Some of the governor’s claims were simply false.

“I’m proud to say that I’ve cut taxes in nearly every single budget I’ve proposed and signed,” he claimed. But, as I noted recently, the Minnesota Department of Revenue’s own analyses show that taxes on every income decile from the fourth up increased as a result of the budgets the governor signed in 2019 and 2023, and that is without taking into account the new payroll tax which funds the Paid Family and Medical Leave scheme. Indeed, for 2025, the average earner will pay more state income tax in Minnesota than in 43 other states and our state is one of just 16 where the share of the average earner’s wages swallowed up by the state government in income tax has increased over the last decade.

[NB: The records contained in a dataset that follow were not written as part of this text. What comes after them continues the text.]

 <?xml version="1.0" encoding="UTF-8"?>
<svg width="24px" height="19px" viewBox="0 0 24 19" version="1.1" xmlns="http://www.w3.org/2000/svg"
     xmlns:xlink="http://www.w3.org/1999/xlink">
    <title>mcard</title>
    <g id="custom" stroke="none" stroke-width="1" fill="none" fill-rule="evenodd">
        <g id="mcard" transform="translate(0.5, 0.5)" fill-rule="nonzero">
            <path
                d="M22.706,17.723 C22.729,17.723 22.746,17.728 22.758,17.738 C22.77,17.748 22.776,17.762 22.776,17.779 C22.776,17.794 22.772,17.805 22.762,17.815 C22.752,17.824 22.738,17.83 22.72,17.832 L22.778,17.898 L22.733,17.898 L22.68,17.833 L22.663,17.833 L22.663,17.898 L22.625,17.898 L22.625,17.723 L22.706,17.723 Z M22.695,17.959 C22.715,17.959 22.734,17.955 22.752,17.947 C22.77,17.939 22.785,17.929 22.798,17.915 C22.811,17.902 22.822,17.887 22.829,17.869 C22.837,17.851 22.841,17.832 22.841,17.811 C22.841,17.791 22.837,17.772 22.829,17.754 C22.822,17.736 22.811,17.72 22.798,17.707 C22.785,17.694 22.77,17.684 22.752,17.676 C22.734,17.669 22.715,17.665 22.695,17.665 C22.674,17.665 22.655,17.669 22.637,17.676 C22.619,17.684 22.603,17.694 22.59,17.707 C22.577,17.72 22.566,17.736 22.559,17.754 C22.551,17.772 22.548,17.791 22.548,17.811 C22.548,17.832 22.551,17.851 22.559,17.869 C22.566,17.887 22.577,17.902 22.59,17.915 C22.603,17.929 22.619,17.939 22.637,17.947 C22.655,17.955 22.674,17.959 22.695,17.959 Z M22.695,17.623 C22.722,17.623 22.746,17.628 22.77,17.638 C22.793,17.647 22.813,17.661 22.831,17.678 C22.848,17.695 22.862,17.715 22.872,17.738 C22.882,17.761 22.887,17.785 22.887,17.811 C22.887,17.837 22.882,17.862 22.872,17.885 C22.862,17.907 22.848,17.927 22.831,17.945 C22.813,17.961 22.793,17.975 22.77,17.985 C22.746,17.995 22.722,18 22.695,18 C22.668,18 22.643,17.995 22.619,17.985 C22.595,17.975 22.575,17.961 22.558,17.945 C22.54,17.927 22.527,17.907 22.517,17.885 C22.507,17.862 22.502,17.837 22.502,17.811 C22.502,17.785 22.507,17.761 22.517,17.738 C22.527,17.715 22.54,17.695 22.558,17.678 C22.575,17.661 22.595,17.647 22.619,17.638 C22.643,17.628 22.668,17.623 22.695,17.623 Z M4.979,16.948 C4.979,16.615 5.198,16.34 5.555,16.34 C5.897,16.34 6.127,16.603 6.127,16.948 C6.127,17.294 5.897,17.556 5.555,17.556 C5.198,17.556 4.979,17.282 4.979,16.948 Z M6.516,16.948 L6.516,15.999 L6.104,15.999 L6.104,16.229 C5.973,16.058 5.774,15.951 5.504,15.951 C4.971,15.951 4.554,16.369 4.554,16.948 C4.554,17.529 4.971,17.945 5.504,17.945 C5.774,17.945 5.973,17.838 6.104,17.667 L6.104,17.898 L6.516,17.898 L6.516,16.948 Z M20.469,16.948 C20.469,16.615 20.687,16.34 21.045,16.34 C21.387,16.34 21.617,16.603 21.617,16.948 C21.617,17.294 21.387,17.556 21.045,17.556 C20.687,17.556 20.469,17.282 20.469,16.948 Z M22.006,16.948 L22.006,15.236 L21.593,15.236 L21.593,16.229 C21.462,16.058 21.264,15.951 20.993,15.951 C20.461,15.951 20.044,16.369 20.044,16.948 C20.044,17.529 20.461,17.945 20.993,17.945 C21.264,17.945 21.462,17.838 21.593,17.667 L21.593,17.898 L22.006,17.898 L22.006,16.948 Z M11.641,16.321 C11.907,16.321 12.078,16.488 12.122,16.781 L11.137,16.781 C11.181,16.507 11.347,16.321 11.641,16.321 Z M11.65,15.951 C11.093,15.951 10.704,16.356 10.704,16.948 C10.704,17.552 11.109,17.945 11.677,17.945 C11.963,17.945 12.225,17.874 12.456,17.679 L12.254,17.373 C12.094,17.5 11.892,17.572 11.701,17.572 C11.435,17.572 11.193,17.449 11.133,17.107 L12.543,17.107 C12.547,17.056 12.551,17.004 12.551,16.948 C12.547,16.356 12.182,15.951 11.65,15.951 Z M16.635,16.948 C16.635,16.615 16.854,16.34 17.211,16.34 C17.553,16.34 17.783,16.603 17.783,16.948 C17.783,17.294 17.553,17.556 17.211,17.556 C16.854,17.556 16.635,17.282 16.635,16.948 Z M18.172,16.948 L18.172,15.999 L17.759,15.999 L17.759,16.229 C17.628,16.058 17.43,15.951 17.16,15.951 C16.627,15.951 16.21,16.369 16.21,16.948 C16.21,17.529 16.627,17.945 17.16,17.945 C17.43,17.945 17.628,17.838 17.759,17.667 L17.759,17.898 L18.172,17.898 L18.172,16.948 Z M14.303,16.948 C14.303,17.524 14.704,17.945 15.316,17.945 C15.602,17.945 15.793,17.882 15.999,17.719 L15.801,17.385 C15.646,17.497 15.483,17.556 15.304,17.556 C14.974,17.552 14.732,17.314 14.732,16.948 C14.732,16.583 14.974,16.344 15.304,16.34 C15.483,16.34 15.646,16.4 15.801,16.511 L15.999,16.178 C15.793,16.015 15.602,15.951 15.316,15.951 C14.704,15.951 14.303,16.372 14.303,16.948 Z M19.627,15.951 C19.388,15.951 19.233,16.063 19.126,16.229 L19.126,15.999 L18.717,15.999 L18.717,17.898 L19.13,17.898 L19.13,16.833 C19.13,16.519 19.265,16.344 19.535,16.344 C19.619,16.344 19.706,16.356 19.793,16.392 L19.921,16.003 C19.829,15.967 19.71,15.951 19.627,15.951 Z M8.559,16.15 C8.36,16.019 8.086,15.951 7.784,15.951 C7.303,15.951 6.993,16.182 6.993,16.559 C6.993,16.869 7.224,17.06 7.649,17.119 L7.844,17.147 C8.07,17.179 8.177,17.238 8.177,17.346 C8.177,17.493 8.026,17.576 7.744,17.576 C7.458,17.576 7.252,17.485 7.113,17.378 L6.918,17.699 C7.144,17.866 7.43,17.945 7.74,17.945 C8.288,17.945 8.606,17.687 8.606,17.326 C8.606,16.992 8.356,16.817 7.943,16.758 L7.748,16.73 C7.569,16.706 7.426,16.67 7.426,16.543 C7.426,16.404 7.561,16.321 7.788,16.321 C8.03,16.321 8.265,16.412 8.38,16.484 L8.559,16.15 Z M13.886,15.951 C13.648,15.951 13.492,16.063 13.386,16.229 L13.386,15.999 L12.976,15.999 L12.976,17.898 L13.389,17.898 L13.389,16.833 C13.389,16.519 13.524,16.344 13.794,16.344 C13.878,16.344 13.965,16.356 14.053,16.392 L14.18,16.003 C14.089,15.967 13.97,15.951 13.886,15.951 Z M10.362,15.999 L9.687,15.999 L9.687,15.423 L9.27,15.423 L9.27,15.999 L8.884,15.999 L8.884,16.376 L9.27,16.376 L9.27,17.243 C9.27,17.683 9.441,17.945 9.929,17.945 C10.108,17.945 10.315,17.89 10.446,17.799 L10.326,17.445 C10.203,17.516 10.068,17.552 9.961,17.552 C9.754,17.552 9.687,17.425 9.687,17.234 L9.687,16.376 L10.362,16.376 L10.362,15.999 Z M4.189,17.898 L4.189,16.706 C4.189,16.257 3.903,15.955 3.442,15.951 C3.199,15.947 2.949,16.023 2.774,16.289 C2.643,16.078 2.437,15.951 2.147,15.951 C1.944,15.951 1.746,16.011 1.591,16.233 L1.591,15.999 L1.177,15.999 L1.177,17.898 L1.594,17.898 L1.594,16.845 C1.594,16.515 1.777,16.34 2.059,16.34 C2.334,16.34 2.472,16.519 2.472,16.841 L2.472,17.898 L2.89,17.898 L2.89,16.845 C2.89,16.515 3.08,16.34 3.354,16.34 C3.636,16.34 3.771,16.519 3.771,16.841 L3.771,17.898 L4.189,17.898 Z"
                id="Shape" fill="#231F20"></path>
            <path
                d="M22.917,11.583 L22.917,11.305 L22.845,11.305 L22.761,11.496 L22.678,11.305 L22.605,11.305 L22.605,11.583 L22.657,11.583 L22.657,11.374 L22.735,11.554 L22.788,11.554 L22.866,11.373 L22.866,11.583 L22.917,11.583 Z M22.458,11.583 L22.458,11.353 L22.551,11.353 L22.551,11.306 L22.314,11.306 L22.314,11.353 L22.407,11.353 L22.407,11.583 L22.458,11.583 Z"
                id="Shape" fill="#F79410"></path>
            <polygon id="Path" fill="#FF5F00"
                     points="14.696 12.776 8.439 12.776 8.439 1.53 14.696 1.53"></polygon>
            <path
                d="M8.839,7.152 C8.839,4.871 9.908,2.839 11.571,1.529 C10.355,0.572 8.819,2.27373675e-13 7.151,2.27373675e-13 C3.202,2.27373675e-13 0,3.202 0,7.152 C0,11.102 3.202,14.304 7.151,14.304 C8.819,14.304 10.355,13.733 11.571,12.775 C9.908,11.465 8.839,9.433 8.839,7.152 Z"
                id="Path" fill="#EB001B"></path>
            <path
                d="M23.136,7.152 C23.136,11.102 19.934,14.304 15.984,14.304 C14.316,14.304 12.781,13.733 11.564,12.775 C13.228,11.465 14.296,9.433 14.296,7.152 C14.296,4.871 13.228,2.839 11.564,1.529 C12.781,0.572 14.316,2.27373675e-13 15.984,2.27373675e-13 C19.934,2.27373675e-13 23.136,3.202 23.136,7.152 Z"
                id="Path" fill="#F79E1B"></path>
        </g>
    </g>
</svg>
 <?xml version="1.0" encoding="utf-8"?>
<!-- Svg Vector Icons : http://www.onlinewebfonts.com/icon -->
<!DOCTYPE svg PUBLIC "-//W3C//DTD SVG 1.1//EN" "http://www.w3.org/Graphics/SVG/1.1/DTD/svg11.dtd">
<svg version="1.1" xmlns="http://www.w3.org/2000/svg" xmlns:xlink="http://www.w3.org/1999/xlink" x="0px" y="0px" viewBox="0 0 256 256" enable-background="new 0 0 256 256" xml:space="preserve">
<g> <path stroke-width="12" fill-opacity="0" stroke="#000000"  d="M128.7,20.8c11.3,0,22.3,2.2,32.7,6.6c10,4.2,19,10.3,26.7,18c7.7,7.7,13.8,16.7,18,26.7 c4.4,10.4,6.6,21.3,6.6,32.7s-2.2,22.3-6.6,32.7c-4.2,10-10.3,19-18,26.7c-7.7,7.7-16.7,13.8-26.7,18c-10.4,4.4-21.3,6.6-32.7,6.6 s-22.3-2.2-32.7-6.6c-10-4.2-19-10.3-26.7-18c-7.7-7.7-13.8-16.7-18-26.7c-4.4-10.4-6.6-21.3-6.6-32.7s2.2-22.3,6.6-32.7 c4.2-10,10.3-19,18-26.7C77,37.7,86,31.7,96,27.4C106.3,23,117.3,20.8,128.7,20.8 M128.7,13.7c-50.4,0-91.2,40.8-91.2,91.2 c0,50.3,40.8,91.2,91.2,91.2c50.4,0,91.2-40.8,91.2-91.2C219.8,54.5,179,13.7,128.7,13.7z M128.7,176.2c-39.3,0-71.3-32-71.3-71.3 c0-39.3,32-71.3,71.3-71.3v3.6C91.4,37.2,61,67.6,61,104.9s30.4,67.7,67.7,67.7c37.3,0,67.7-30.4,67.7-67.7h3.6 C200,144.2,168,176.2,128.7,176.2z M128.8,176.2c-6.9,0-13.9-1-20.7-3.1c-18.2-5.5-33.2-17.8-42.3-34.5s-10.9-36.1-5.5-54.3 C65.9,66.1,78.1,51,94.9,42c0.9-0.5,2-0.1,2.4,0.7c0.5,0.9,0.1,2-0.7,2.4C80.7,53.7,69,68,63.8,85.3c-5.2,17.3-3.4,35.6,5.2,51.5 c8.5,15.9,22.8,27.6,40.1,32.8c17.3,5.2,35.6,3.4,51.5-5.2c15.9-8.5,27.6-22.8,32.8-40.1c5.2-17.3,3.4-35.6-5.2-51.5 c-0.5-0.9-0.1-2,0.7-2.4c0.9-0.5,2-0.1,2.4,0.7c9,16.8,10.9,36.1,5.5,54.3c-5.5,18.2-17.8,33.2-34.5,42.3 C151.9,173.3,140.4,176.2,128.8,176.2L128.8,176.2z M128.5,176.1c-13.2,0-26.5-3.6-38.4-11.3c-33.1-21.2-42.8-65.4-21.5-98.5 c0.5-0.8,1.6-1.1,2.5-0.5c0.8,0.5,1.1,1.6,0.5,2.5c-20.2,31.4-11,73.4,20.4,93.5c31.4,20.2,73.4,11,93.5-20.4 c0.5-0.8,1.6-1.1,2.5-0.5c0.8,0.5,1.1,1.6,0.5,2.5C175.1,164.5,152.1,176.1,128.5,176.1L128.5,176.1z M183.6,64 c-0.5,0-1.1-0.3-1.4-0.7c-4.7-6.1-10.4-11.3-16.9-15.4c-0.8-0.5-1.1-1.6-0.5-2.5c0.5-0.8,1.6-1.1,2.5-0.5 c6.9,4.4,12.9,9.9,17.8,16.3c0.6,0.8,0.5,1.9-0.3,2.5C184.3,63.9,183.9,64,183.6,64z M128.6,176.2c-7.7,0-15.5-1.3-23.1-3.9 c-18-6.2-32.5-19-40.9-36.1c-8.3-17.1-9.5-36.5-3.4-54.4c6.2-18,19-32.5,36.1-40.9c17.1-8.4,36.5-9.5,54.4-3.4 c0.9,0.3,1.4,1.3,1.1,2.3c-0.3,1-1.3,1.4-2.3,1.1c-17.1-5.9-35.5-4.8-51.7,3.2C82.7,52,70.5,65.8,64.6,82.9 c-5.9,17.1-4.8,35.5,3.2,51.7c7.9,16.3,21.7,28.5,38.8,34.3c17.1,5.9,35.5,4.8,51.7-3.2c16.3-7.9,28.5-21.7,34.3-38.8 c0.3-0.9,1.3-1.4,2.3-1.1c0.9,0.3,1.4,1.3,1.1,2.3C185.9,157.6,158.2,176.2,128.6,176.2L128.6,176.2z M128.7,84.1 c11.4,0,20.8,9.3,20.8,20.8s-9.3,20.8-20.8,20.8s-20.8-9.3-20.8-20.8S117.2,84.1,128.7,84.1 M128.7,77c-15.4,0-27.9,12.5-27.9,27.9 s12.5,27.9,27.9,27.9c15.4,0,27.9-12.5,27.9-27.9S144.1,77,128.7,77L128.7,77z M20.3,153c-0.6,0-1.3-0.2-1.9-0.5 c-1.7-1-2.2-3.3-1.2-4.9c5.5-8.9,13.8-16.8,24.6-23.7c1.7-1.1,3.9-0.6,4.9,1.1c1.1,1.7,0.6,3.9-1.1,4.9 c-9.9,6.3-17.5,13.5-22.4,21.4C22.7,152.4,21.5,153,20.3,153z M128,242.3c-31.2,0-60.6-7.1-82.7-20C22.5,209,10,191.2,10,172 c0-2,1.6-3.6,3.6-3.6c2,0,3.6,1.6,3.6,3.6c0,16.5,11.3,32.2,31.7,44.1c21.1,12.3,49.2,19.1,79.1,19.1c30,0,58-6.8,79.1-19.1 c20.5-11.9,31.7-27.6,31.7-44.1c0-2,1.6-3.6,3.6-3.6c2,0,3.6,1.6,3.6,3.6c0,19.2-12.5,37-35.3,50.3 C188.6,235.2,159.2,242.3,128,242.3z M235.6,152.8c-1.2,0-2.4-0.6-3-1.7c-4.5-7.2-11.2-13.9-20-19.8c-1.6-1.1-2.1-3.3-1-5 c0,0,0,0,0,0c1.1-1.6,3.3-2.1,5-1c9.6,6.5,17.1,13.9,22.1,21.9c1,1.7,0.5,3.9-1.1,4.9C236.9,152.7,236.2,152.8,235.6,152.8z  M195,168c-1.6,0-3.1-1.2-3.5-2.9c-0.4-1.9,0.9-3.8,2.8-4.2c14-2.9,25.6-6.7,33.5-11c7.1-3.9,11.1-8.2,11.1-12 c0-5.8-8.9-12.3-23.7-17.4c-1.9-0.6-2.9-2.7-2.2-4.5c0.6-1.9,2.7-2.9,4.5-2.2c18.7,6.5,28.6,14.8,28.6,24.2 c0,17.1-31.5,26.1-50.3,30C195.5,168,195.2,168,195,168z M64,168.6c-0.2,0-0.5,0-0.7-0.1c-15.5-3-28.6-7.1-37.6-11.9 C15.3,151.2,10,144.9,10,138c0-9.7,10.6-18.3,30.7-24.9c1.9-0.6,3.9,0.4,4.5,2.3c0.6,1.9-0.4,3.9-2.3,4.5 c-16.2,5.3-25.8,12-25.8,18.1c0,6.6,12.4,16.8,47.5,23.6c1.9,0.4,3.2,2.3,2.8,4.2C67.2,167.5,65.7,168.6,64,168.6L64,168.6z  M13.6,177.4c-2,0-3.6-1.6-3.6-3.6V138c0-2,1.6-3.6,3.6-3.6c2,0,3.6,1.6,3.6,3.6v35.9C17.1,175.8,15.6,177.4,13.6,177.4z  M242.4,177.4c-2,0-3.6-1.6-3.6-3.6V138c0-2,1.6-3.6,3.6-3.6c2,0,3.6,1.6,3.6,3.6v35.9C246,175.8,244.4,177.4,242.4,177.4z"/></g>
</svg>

“We’ve delivered rebate checks of up to $1,300, putting money directly into the pockets of students, seniors, workers, and middle-class families,” the governor claimed, but handing out cash is not a tax cut, certainly not when, thanks to his own party’s blunders, it landed recipients with a higher federal tax bill.

“I’m proud that we’ve been able to invest so much in our schools and in housing even as we cut taxes nearly every year,” the governor claimed, “and, thanks to the work we did last year, maintained a fiscally responsible budget.” But Minnesota’s state government has, in fact, spent more than it has collected in revenues in every year since 2024 and is forecast to continue doing so in every year until at least 2029. This isn’t fiscal responsibility.

An infuriatingly large amount of this tax revenue, hard earned by Minnesotans, has been stolen under Gov. Walz’ watch. Indeed, the miserable failure of his administration to look after its citizen’s cash with state government programs becoming an ATM for fraudsters from all over is the main reason he exited the race for a third term.

On Tuesday, he conceded that “we’ve seen in recent months—and just today—the more generous your support system, the more oversight you need to make sure people aren’t taking unfair advantage.” But when he lists all the measures he has taken to combat fraud, not one of them dates from before February this year, seven years into his term and with many billions of dollars out the door.

Getting worse

More broadly, the governor claimed that:

Together, we’ve made Minnesota one of the most economically secure, prosperous, forward-thinking states in the nation. 

Just look at the rankings. 

No, let’s look at the data.

Gross Domestic Product per capita has grown at slower rate in Minnesota than for the United States generally in every single year of the governor’s tenure and in 2025 we became a below average state for the first time on record. This underperformance dates to 2014, in fairness to him, but on his watch our state’s economic growth has slowed sharply.  

If GDP per capita seems too esoteric a measure, note that Minnesota’s real median household income is down 6.4% from its 2019 peak, a worse record than in 44 other states. That above average unemployment rate we now have is the result of the job growth in Minnesota being half the national rate on his watch with the result that, last September, there were fewer people employed in Minnesota than there were in 2018.  

One thing that has increased is SNAP issuance in the state: since 2018, we have seen the biggest expansion in the United States, hardly a sign of a thriving economy.

So long, it’s been good to know yuh

The governor is done, and with his record Minnesotans can, perhaps, be grateful for that. The key question for any candidate of any party seeking to replace him is: “What would you do differently?”